The Black Collar Crime Series

It can often seem unsavoury to think of supposedly good, pious men and women of God, being responsible for various serious crimes. We are led to believe by various religious commentators that vicars and priests and pastors are of the strongest possible moral fibre, as after all, their sense of morality is drawn from an unquestionable, objective source (please see here for why the idea of the God of the Bible as a source of morality is dubious at best).

This is why authorities do not seem to be quick to act where religion is concerned. My friend, Bruce Gerencser, has written extensively on Black Collar Crime, and he laments the sad reality that it can take years, even decades, to bring abusive pastors to justice for their crimes. People do not want to believe that the friendly-faced pastor can be a sexual predator, or a spousal abuser, so they will ignore evidence, or explain it away, or go as far as to imply the victim is lying. Indeed, victim-shaming is a popular trick among abusers, whilst society at large is often quick to dismiss victims (especially women, but men too) of sexual crime, with the implication that the victim is an attention seeker, or confused, etc.

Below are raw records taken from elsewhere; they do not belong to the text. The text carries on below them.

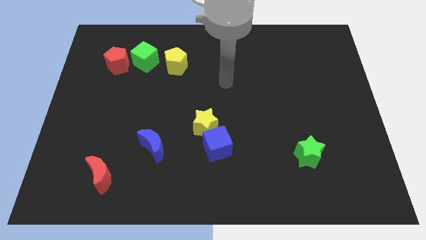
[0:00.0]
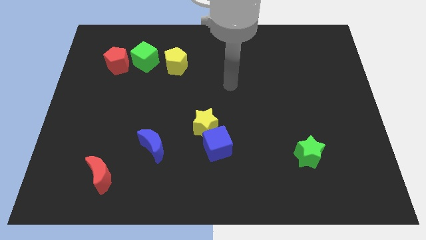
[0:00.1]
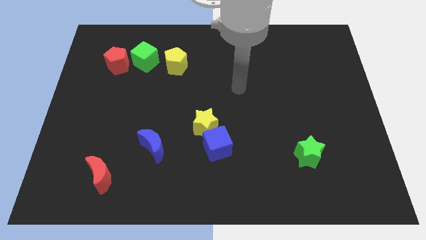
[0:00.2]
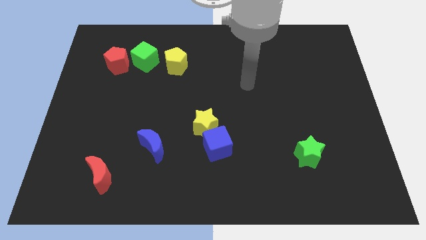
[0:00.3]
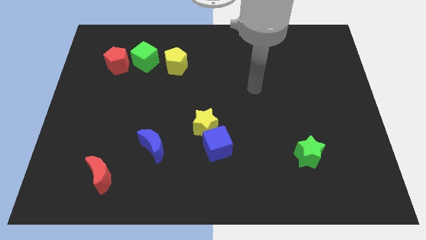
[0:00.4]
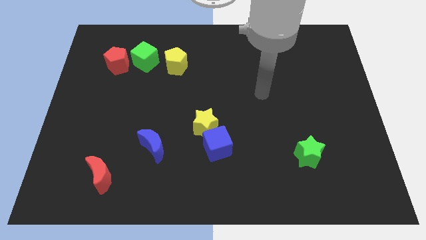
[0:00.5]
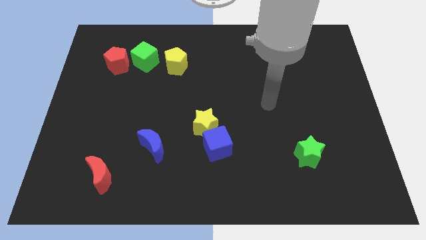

Some fundamentalists believe Bruce’s Black Collar Crime Series is unfair. After all, Bruce is not writing about the crimes and abuse of atheists, agnostics, or the crimes of followers of other religions. What such fundamentalists forget (or deliberately choose to ignore) is that Bruce’s site is geared towards critiquing the behaviour of Evangelicals. The pastors within the fundamentalist Christian institutions Bruce examines are in positions of trust and authority in society, deeply respected, and granted deep, personal access to people’s lives. The not-infrequent betrayal of that trust, often with devastating outcomes, should be discussed, criticised, and brought to the public domain. The public has every right to be aware of what’s going on. Yes, there should be the presumption of innocence, but as Bruce recently pointed out, the vast majority of allegations against fundamentalist preachers prove to be true.

Some fundamentalists lash out against what they argue are dishonest and misleading victims, and suggest that the legal system is not equipped to judge these supposedly good men and women of God. As Bruce mentions, God has not chosen to directly intervene, and neither has Jesus, what process should we be using to address the allegations? Should we be constantly belittling the victims, and casting doubt upon their memories and honesty? Do the victims not also deserve the benefit of the doubt, or is that a privilege, reserved only for men and women of God?

What these fundamentalists also forget is that whilst victims can sometimes lies, so to can offenders. Many offenders are charismatic, and will manipulate victims into silence, by convincing the victims they will never be believed. Others will threaten and bully victims into silence. The fundamentalists also forget, as mentioned earlier, that the vast majority of cases against pastors end with a conviction, so it is usually the offender that is lying, not the victim.

Sometimes I wonder if reality will ever influence fundamentalists, or if they will forever remain blissfully unaware of the pain and anguish caused by the very people who preach the Word.